Maribel Hastings y David Torres
Mientras países europeos y otras naciones a través del mundo reciben con brazos abiertos a los refugiados ucranianos que huyen de la sangrienta invasión rusa, en esta parte del planeta se siguen suscitando historias desgarradoras de otros miles de migrantes. Sí, de esos que buscando llegar a Estados Unidos o a sus territorios —muchos de ellos con la esperanza de recibir asilo— y enfrentan duelo permanente contra la muerte, en el que muchas veces ésta sale ganando.
Al respecto, la cifra de muertes de migrantes no ha sido menor en los meses recientes. Según la Organización Internacional para las Migraciones (OIM), al menos 650 personas perdieron la vida en 2021 al intentar el cruce de la frontera México-Estados Unidos; una franja territorial que además de ser la más transitada, vigilada y la de mayor intercambio comercial en el mundo, también se ha convertido en un cementerio de esperanzas.
Pero no es la única área geográfica de este hemisferio en la que los migrantes arriesgan todo, incluso la vida.
Hace varios días circuló la noticia de un grupo de migrantes haitianos rescatados en su intento de arribar a Puerto Rico procedentes de su país. Según reportes de prensa, eran 51 adultos y nueve infantes. Los nueve bebés fallecieron en el trayecto y el capitán ordenó que sus cuerpecitos fueran lanzados al mar, donde, según lo narrado por los sobrevivientes, vieron cómo fueron devorados por tiburones.
La Oficina de Aduanas en Puerto Rico confirmó el rescate, pero aclaró que no podía corroborar la información de que los bebés muertos fueron lanzados al mar y devorados por tiburones, a pesar de que un líder religioso haitiano que los asiste aseguró que fueron las madres las que narraron la horrible escena.
Ninguna madre podría mentir ante semejante pérdida, ni mucho menos olvidar su tiempo ni sus circunstancias. Es un antes y un después en su desgarrada experiencia migratoria.
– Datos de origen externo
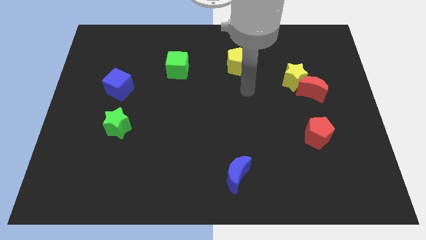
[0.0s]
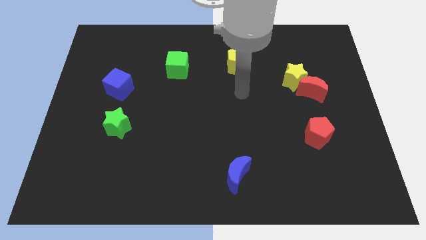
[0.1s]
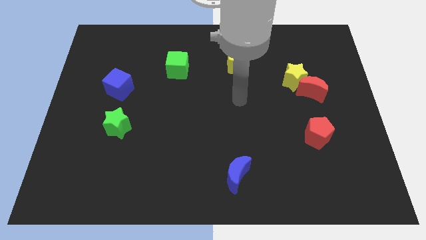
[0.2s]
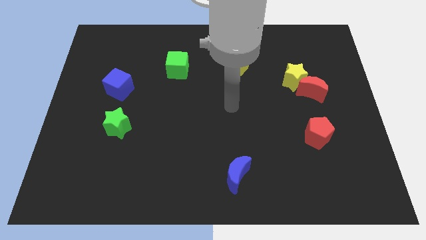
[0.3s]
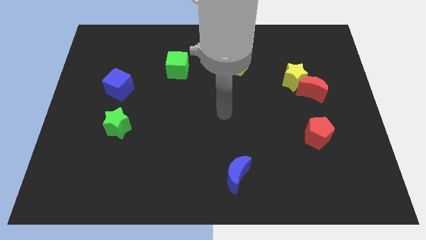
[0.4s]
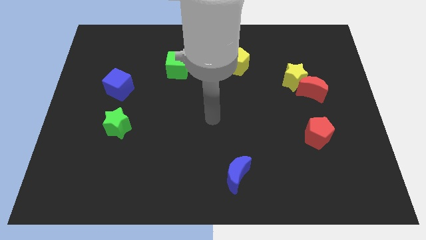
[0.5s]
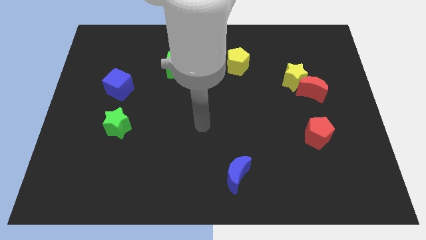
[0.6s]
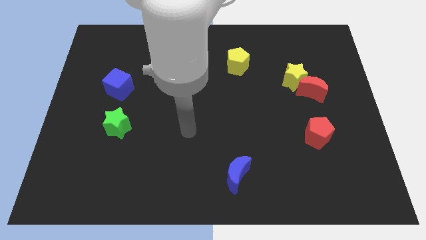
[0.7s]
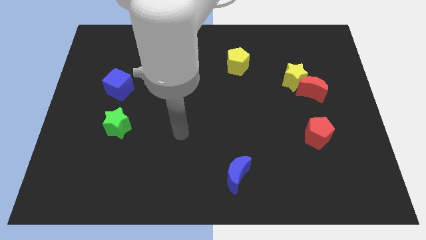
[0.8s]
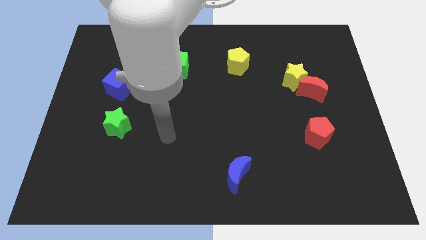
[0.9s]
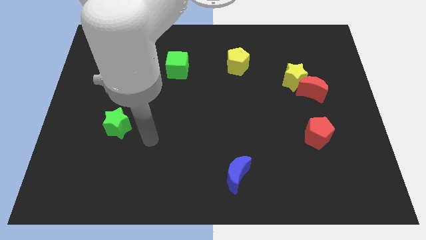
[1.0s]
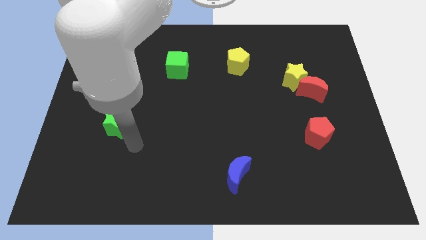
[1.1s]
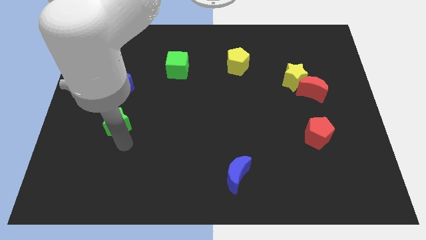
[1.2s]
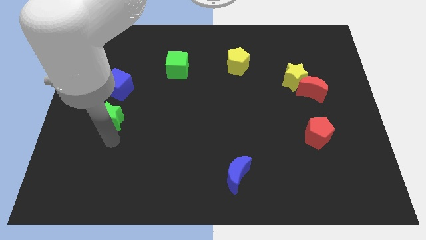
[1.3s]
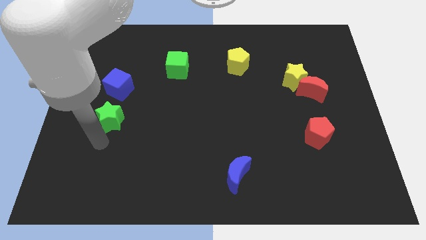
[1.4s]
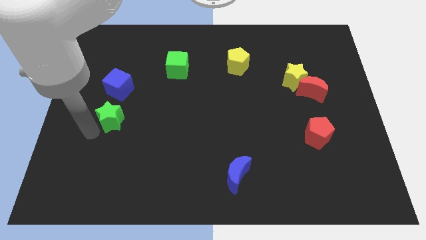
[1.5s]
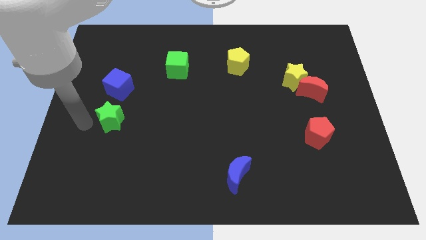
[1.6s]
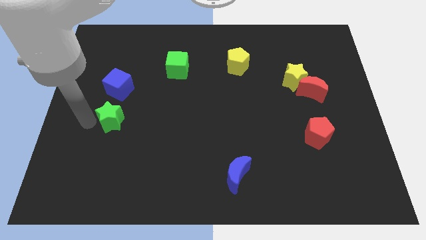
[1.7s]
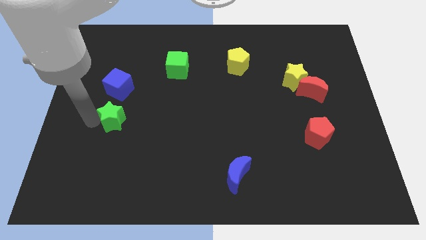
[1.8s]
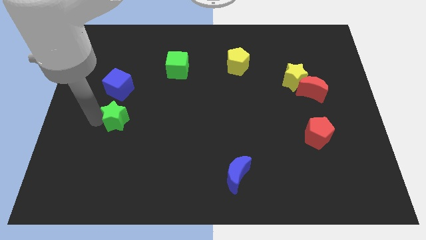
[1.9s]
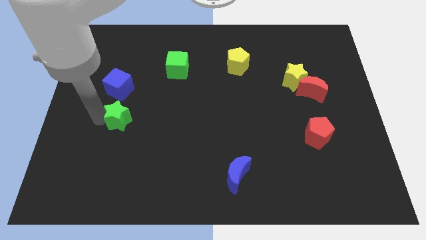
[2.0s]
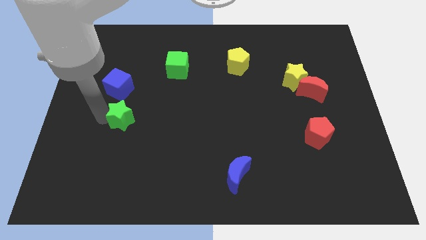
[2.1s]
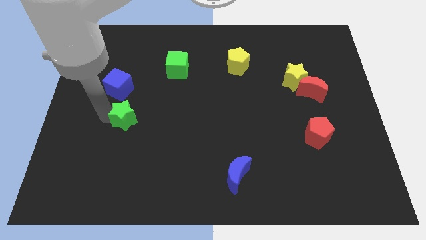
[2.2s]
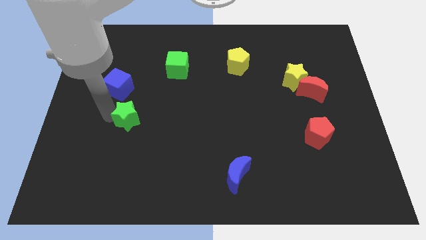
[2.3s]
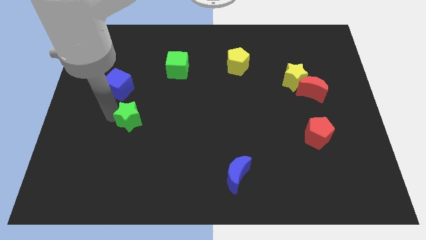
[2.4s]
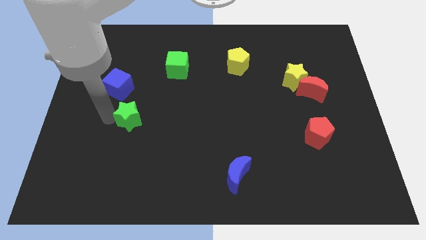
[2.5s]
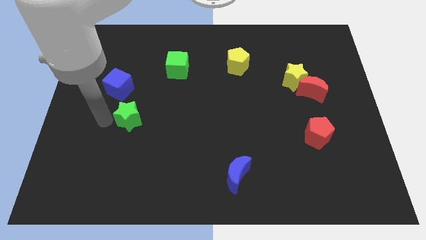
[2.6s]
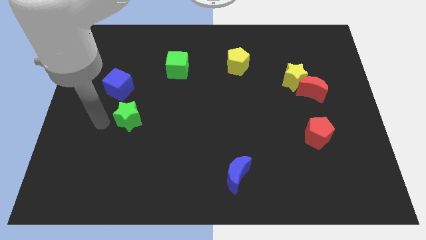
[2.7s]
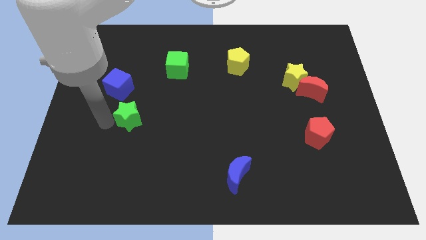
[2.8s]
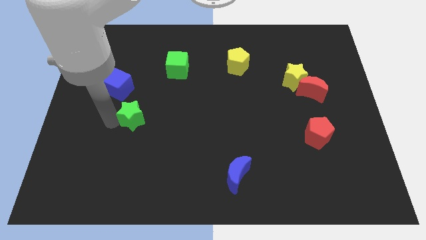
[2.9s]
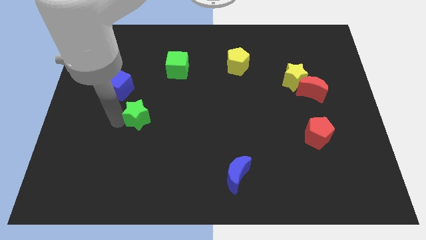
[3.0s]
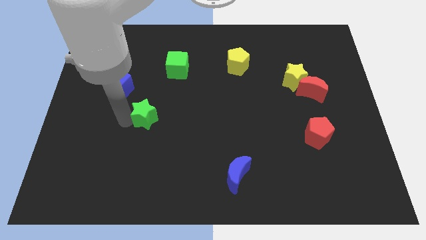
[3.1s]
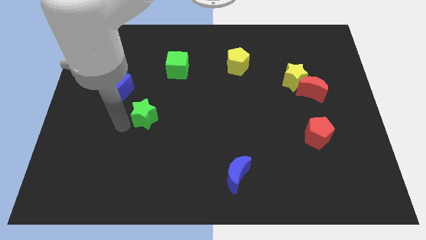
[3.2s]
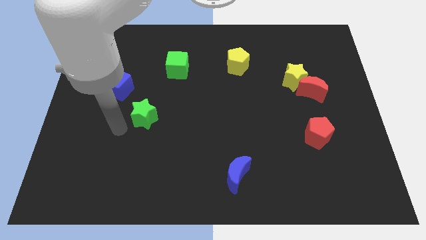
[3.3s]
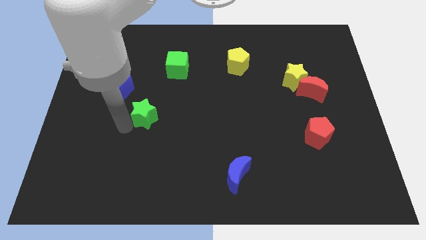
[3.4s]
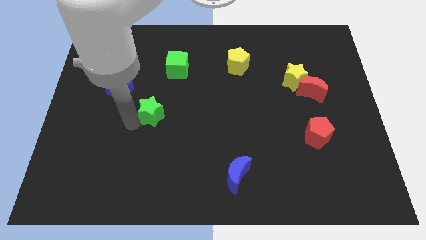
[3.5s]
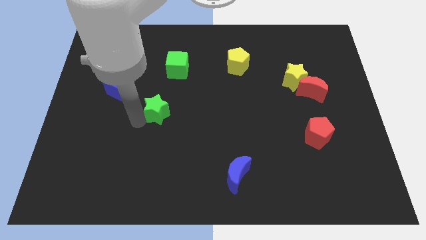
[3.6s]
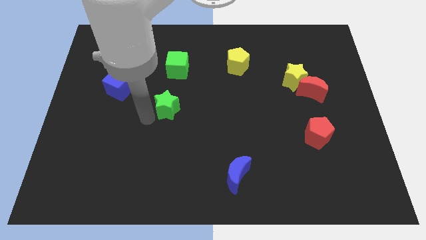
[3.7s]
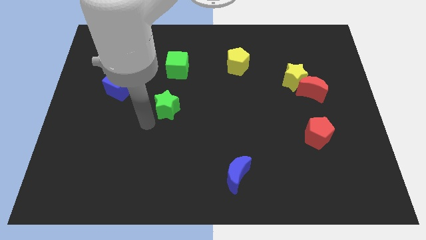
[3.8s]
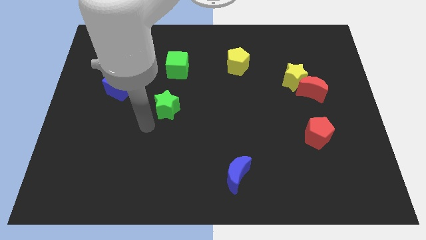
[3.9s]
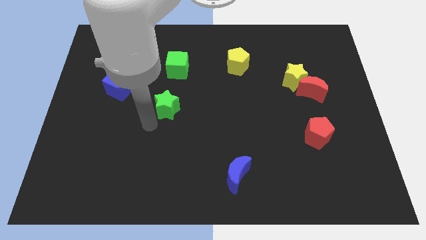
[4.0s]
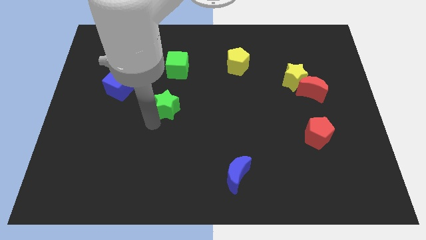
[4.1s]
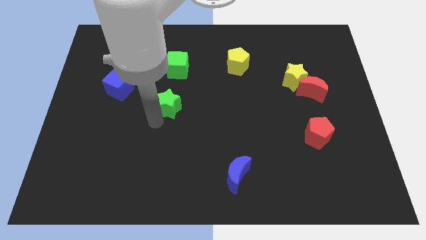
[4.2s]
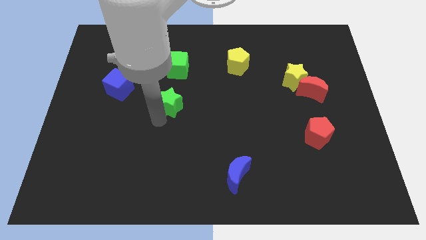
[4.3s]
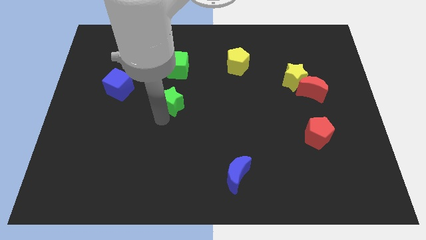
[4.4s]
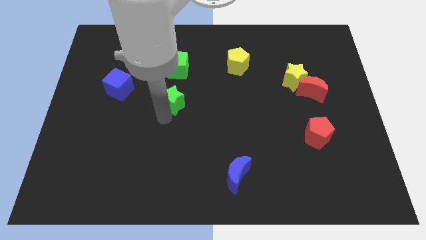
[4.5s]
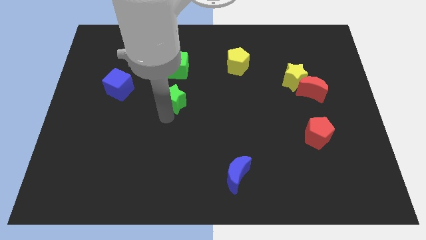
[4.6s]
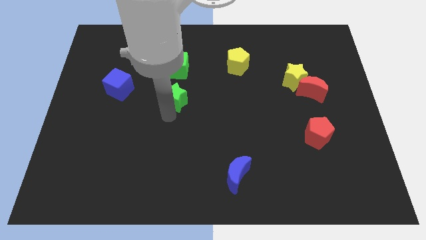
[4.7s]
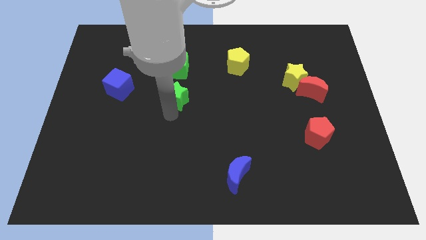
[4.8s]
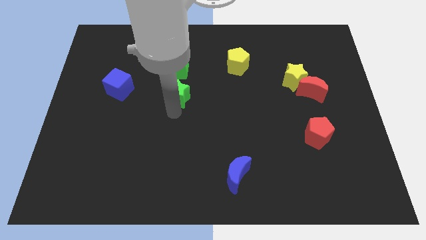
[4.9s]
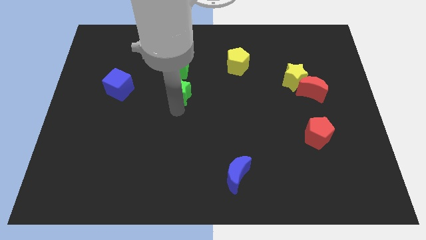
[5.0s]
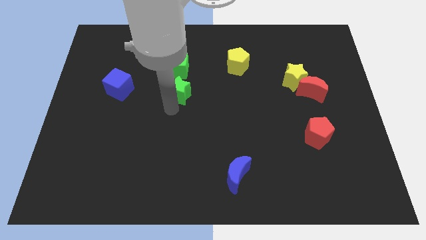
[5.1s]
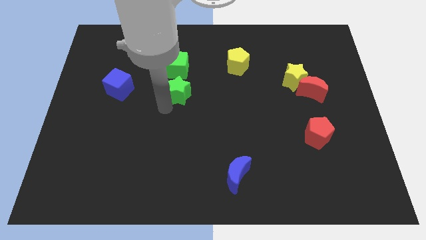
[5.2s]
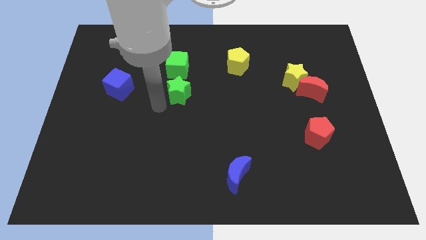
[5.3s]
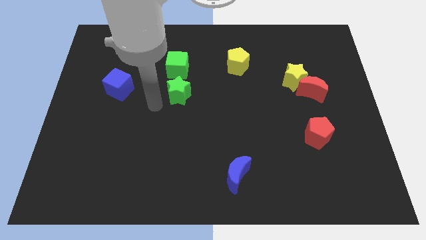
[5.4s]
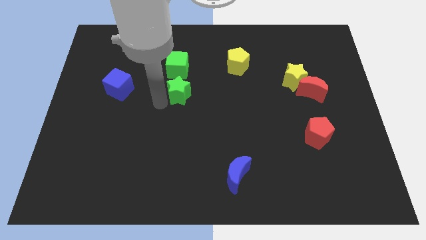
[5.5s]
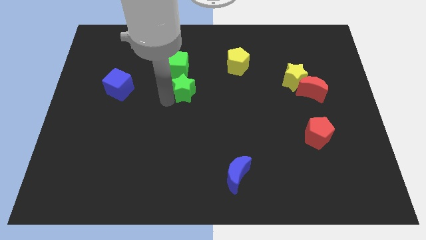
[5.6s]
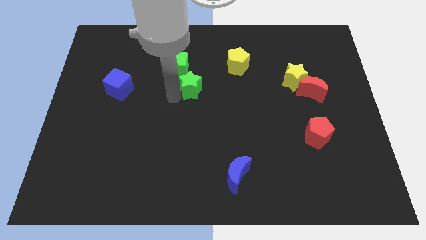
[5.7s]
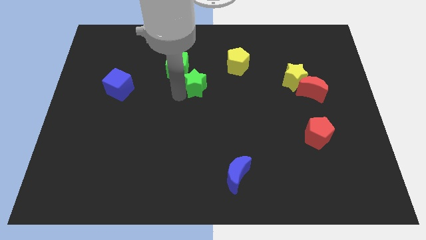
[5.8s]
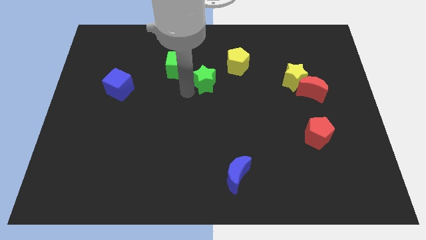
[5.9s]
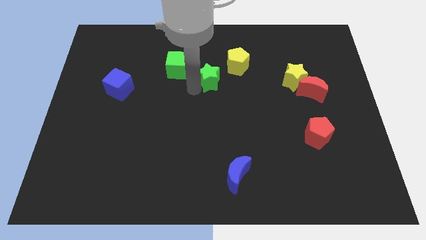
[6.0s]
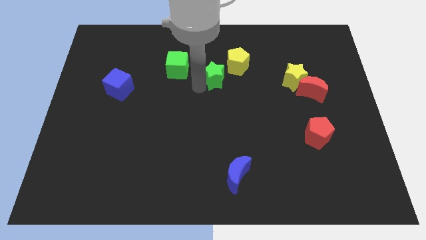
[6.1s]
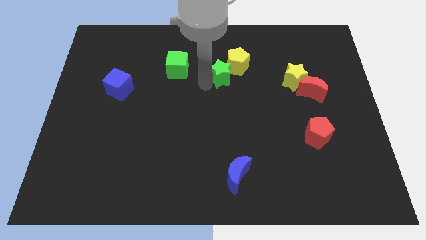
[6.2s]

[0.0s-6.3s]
slide the green star towards the yellow pentagon

Lamentablemente no es ni la primera ni la última vez que se suscita esta historia de horror. Aquí hubo sobrevivientes que dieron fe de lo acontecido. Esa travesía hacia Puerto Rico por el tenebroso Canal de La Mona la realizan especialmente dominicanos y haitianos, y más recientemente migrantes de otras nacionalidades con la esperanza de pisar suelo estadunidense y desde allí saltar a los Estados Unidos continentales de algún modo.
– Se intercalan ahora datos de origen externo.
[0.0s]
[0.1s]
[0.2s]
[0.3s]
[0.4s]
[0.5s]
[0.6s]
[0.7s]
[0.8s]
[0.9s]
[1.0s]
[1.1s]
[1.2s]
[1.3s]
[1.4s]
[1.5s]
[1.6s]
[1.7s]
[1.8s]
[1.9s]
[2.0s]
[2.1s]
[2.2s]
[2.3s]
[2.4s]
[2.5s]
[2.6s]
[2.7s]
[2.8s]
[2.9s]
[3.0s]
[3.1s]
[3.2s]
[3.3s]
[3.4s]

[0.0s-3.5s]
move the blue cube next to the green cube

Son “carne de la mar”, como escribió el músico dominicano Juan Luis Guerra, en su canción “Visa para un sueño”. Y cuando la visa se transforma en la misma muerte, todo el esfuerzo en esa travesía se convierte en el memorial de las eternidades y de las voces y de las miradas que ansiaban llegar a la otra orilla de la esperanza.
En Puerto Rico es cotidiano el arribo de migrantes indocumentados por mar. Algunos llegan y son detenidos y deportados; otros, si piden asilo, pueden ser enviados a Miami para los próximos pasos; otros más no viven para contarlo y pasan a formar parte de esa masa humana que a diario arriesga su vida en diversos puntos del mundo buscando mejores oportunidades y refugio.
Esto es el vasto y mortal desierto que enmarca la ruta hacia la frontera estadunidense, y es también un cementerio de migrantes, como lo es el mar en el Caribe y en tantos otros lugares del mundo.
Pero como nos compete el caso de Estados Unidos, esta más reciente tragedia que involucra a haitianos es un triste e indignante recordatorio de la urgencia de una reforma migratoria, que no únicamente legalice a los indocumentados entre nosotros sino que reforme las leyes de asilo haciéndolas más humanas y eficientes.
Y esta no es una petición que deba hacerse en el vacío, pues quiérase o no, los desplazamientos humanos ponen a prueba constantemente al mundo y su estructura; a esa división entre naciones que lo tienen todo, no por arte de magia sino porque en la historia se convirtieron en saqueadoras, y naciones pobres que históricamente fueron saqueadas.
Así, a corto plazo y sin intervención del Congreso, ya viene siendo hora de que el gobierno de Joe Biden deje de aplicar el nefasto Título 42 implementado por Donald Trump, que, invocando la pandemia del Covid, impide que solicitantes de asilo de Haití y de otras naciones puedan hacerlo en Estados Unidos.
Uno aplaude la solidaridad con los refugiados ucranianos ante la barbarie de Rusia. Pero al mismo tiempo, uno quisiera que esa misma solidaridad se mostrara hacia refugiados de otras naciones y de otros colores, cuyas vidas tienen el mismo valor.